Exercise: Each line of the records that holds the word "version" should be copied out.

Exercise data:

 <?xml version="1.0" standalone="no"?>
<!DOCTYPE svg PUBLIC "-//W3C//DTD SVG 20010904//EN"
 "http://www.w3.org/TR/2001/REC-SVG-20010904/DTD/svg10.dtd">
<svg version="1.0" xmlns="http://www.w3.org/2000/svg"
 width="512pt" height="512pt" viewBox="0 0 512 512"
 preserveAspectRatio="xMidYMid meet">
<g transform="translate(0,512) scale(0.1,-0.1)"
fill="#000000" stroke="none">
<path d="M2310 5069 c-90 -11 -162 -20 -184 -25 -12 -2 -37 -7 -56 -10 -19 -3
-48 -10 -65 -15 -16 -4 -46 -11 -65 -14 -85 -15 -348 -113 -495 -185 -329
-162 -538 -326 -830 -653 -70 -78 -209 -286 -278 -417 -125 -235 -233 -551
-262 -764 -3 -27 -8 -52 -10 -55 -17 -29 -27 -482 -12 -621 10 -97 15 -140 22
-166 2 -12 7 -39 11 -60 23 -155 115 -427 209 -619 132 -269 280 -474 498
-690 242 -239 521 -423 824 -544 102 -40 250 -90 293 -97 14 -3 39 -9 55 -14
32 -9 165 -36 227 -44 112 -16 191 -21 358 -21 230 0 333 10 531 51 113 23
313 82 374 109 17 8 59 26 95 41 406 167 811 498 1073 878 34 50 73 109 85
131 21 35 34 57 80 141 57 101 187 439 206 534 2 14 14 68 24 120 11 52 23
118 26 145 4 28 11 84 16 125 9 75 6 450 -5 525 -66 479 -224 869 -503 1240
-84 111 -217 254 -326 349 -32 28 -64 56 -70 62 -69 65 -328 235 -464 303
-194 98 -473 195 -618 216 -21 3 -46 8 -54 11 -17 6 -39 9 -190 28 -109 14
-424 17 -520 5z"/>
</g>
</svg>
...
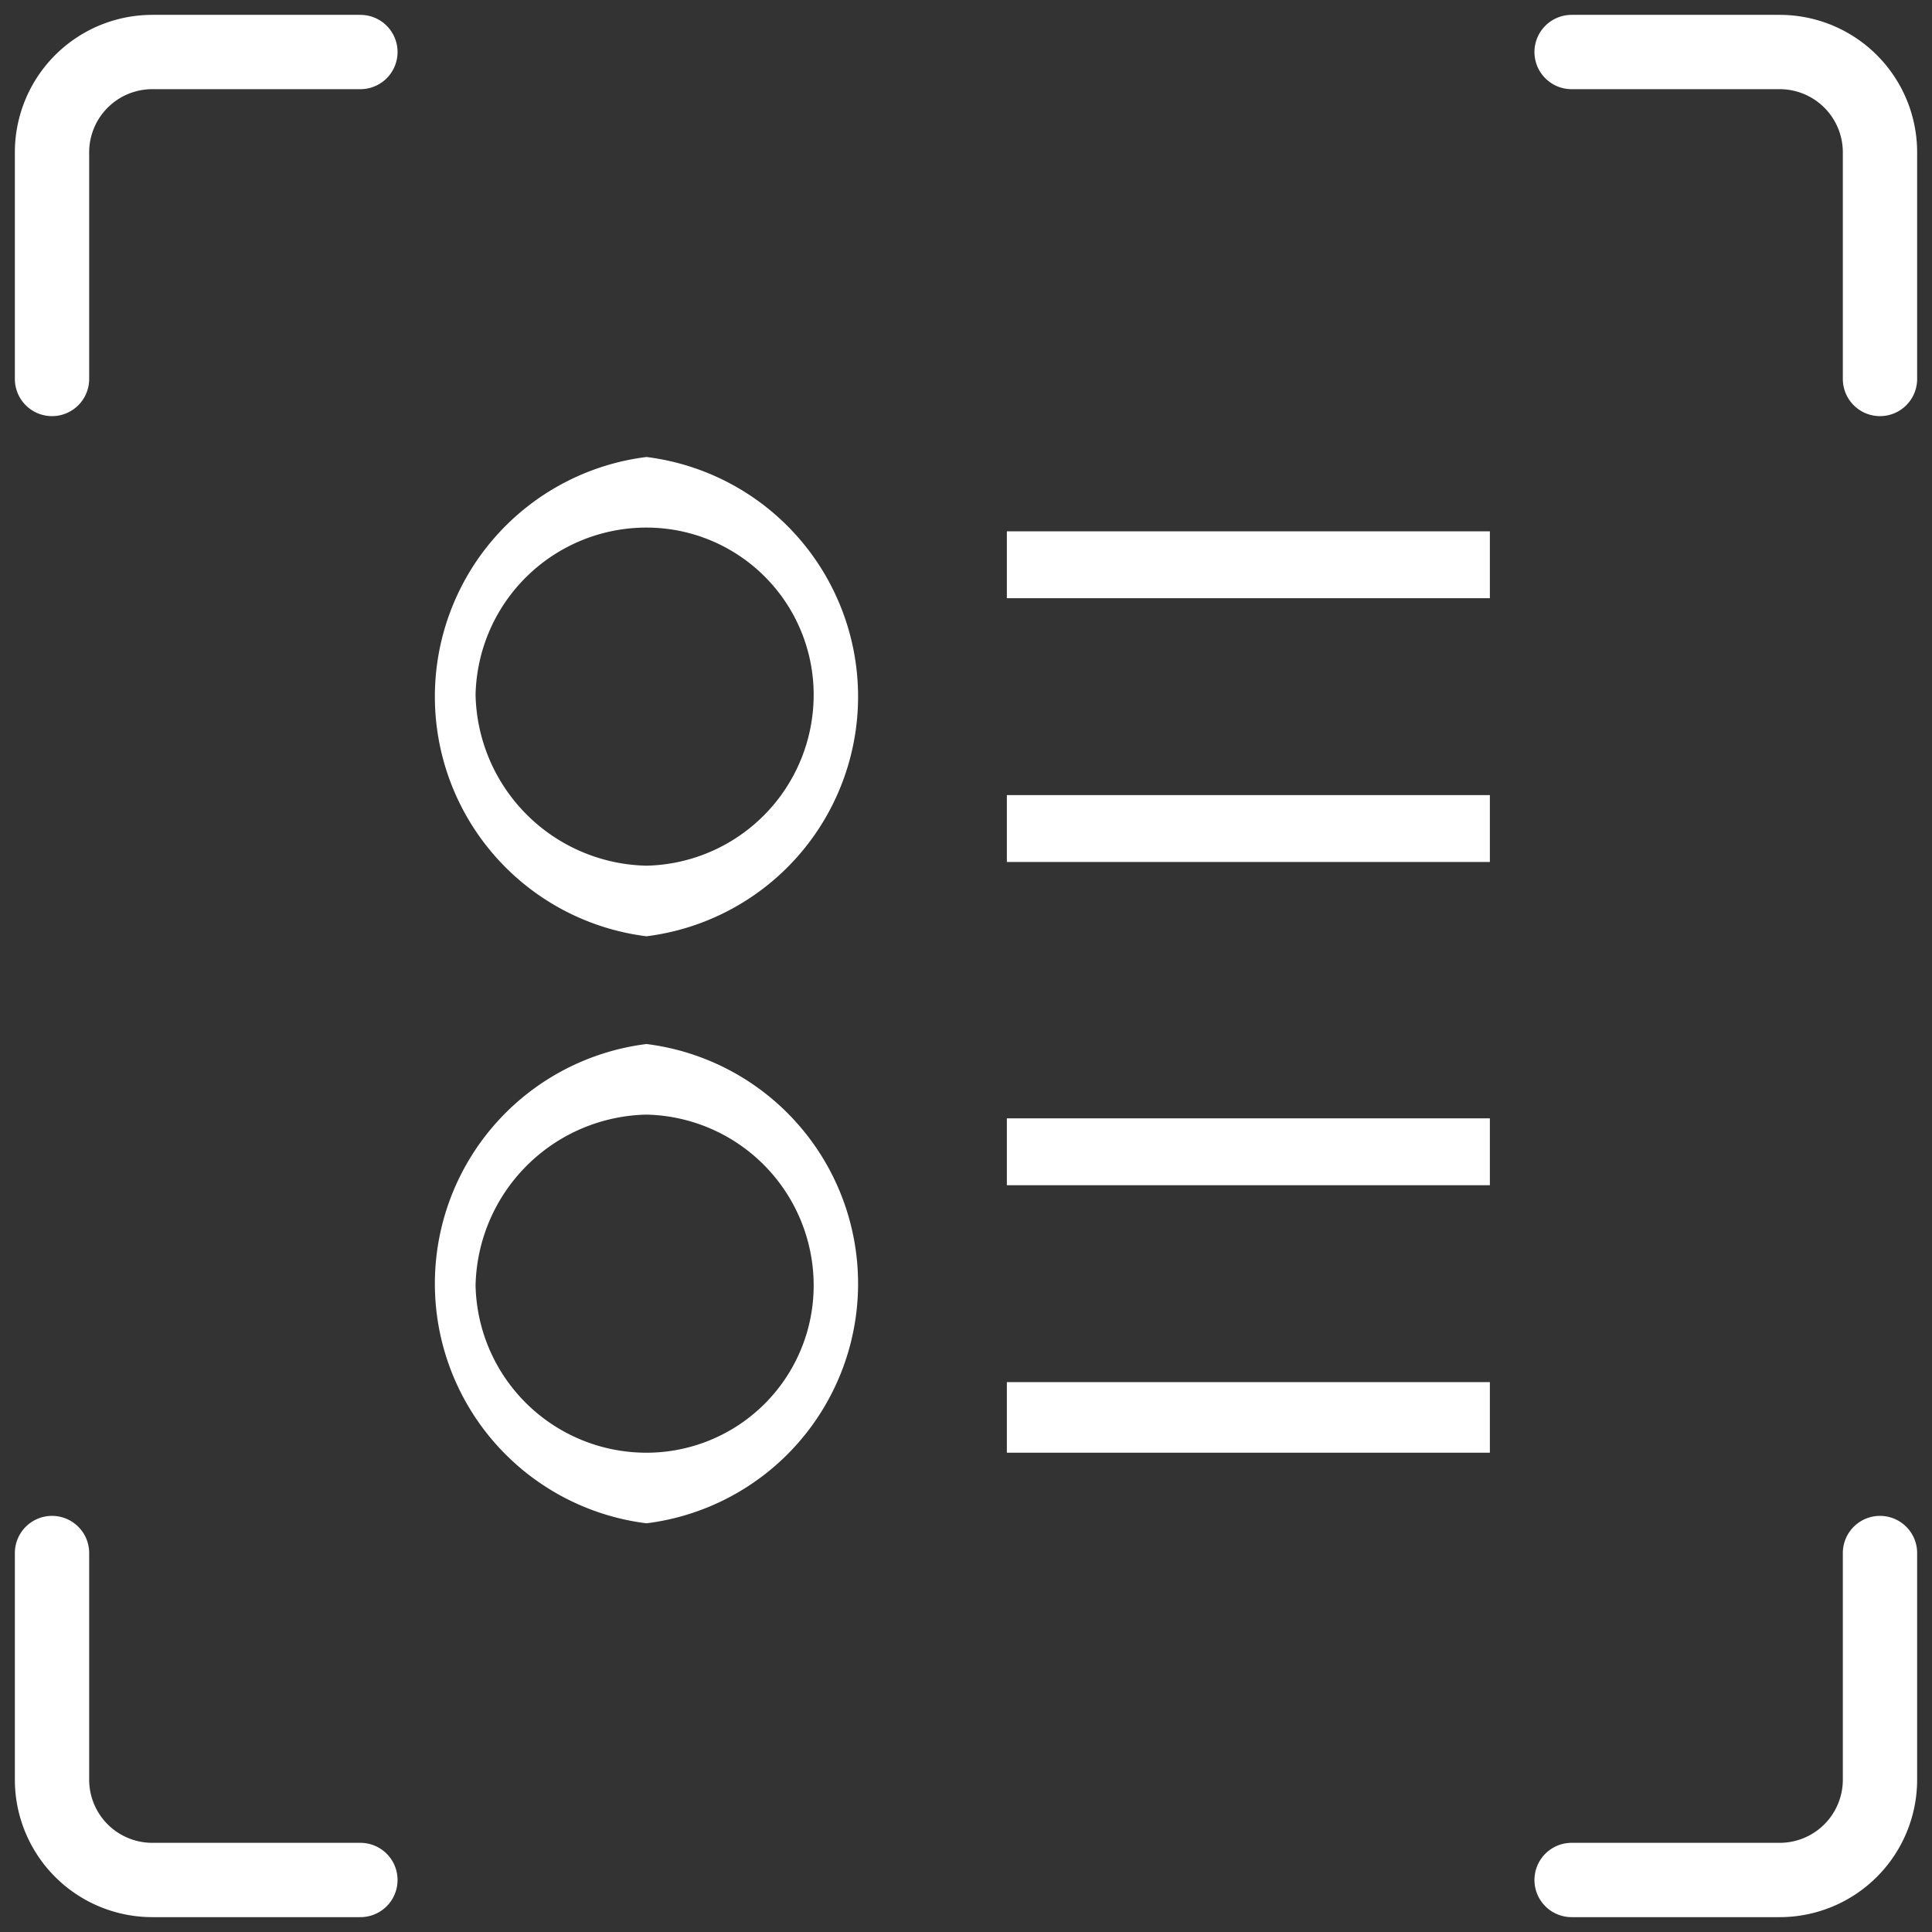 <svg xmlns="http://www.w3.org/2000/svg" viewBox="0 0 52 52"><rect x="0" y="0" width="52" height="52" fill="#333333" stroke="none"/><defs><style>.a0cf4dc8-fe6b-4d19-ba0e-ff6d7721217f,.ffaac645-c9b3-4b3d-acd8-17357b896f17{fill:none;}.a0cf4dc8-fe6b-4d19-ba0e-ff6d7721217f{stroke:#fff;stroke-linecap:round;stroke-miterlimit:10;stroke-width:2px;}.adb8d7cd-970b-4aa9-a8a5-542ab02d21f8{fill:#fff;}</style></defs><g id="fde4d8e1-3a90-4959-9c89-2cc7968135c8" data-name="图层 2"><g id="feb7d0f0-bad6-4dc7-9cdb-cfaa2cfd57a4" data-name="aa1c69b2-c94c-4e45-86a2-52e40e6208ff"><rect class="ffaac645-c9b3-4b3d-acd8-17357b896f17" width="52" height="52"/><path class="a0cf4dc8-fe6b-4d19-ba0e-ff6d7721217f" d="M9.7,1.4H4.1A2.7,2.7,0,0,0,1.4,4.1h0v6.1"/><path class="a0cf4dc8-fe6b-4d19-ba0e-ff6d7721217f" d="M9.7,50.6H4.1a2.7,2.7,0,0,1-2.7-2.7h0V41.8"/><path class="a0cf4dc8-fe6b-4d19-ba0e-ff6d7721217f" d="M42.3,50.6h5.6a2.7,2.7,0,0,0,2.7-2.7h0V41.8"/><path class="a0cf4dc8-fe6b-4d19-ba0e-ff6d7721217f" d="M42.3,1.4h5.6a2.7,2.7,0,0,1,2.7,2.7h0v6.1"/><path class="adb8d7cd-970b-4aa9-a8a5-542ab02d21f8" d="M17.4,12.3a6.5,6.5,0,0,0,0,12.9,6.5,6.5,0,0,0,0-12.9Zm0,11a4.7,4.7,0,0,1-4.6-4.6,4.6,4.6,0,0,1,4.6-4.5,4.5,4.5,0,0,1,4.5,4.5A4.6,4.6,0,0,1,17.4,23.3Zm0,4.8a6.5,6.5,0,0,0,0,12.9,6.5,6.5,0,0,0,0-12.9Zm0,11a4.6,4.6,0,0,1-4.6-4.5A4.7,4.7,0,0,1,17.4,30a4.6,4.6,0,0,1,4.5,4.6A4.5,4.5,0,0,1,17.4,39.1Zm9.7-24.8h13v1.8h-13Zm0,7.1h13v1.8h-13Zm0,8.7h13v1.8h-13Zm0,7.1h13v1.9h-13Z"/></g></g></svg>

Reply to the exercise:
 <?xml version="1.0" standalone="no"?>
<svg version="1.0" xmlns="http://www.w3.org/2000/svg"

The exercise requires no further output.